B. Equitable Indemnity

The Fenton Defendants argue they are entitled to summary judgment on the CW Defendants' equitable indemnity claim because the CW Defendants committed independent wrongs and they have presented no evidence that the Fenton Defendants had a prior legal relationship with, or owed a duty to protect, them. The CW Defendants respond that issues of fact remain about who caused or contributed to the accident.

Equitable indemnity "allows a defendant to seek recovery from other potential tortfeasors" only when a defendant "who has committed no independent wrong, is held liable for the loss of a plaintiff caused by another party." Pack v. LaTourette, 277 P.3d 1246, 1248-49 (Nev. 2012) (quotation omitted). Equitable indemnity "is not usually available between joint tortfeasors." Black & Decker (U.S.), Inc. v. Essex Grp., Inc., 775 P.2d 698, 699 (Nev. 1989). However, an exception to this rule exists where there is a "preexisting legal relation" between the joint tortfeasors, or the primary tortfeasor has "some duty . . . to protect the secondary tortfeasor." Pack, 277 P.3d at 1249 (quotation omitted); Black & Decker, 775 P.2d at 699-700 (holding an implied warranty of merchantability created a duty supporting an equitable indemnity claim). Even under this exception, if a party is "actively negligent," it "has no right to indemnity from other tortfeasors." Pack, 277 P.3d at 1249.

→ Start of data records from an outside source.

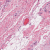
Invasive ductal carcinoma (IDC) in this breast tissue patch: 0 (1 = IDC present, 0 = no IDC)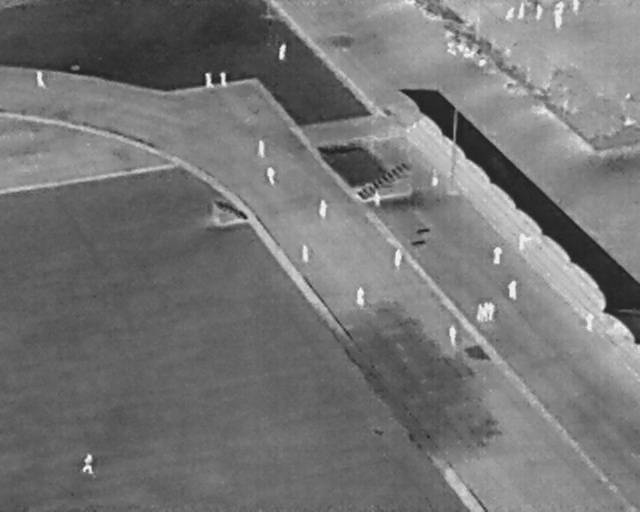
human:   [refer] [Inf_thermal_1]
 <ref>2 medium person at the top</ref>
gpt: <box>[[31, 14, 34, 16, 2], [39, 27, 42, 29, 2]]</box>

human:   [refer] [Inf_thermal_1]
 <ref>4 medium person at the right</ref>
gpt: <box>[[90, 62, 93, 63, 2], [69, 64, 72, 66, 2], [78, 55, 81, 57, 2], [76, 48, 79, 50, 2]]</box>

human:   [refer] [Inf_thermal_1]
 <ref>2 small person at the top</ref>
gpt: <box>[[33, 14, 36, 16, 2], [42, 9, 45, 10, 2]]</box>

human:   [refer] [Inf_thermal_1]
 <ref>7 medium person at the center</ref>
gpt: <box>[[40, 33, 43, 35, 2], [46, 48, 49, 50, 2], [60, 49, 63, 51, 2], [54, 57, 58, 58, 2], [66, 33, 69, 35, 2], [57, 37, 60, 39, 2], [48, 39, 52, 41, 2]]</box>

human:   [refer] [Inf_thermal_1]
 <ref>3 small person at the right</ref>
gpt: <box>[[73, 60, 76, 61, 2], [74, 60, 77, 61, 2], [75, 60, 78, 61, 2]]</box>

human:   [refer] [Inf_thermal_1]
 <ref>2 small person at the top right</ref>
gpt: <box>[[78, 1, 80, 3, 2], [80, 1, 82, 2, 2]]</box>

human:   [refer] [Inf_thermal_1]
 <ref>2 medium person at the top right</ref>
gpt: <box>[[83, 1, 85, 3, 2], [88, 0, 91, 2, 2]]</box>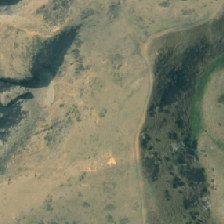
Land cover: low_producing_grassland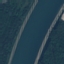
Label: River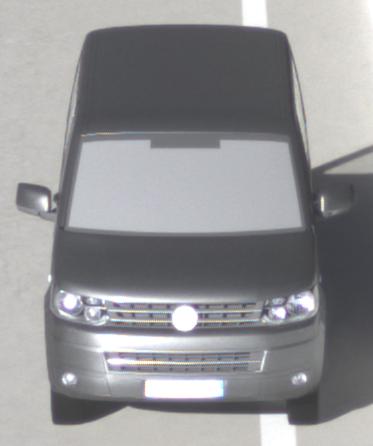
Make: VW Commercial Vehicles (Nutzfahrzeuge)
Model: T5 Multivan 2.0
Detailed model: T5 Multivan
Model produced from: 2009/09
Model produced until: 2013/06
Doors: 4
Color: gray
Road condition: wet road
Daytime: sunrise or sunset
Contrast: high contrast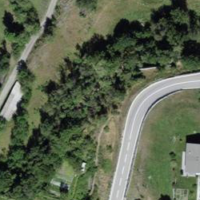
EUNIS habitat code: 52
Species observed at this site:
Hippocrepis emerus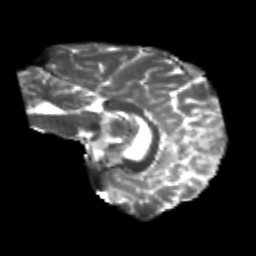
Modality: T2w
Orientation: sagittal
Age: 20
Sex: female
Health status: healthy
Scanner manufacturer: philips
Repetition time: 7.387 s
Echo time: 0.08599 s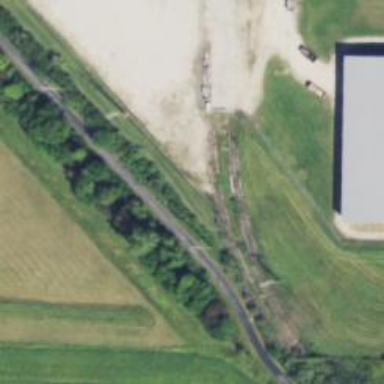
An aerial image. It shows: Railway spur service.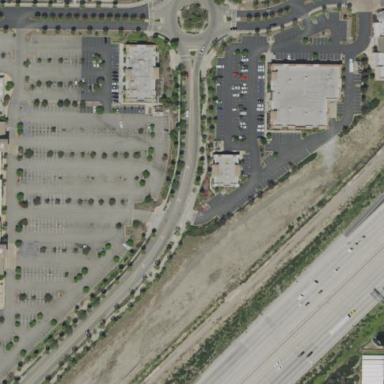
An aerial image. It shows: Retail area.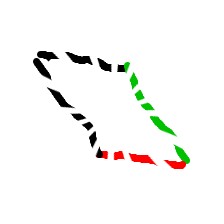
Shape: parallelogram

It has not yet been determined whether the CW Defendants and Fenton are joint tortfeasors or whether the CW Defendants committed an independent wrong because issues of fact remain as to who caused or contributed to the accident. (Dkt. #445); see also Cent. Tel. Co. v. Fixtures Mfg. Corp., 738 P.2d 510, 512 (Nev. 1987) ("A trier of fact must decide if Central Telephone is negligent; Central Telephone cannot be a concurrent tortfeasor unless it is found to be negligent."). In their current motion, the Fenton Defendants have not established as a matter of law that the CW Defendants are joint tortfeasors or committed an independent wrong precluding indemnity. I therefore deny the Fenton Defendants' motion for summary judgment on the CW Defendants' equitable contribution claim.

D. Conclusion

IT IS THEREFORE ORDERED that third party defendants Chip Fenton and Fenton Trucking, LLC's motion for summary judgment (Dkt. #429) is DENIED.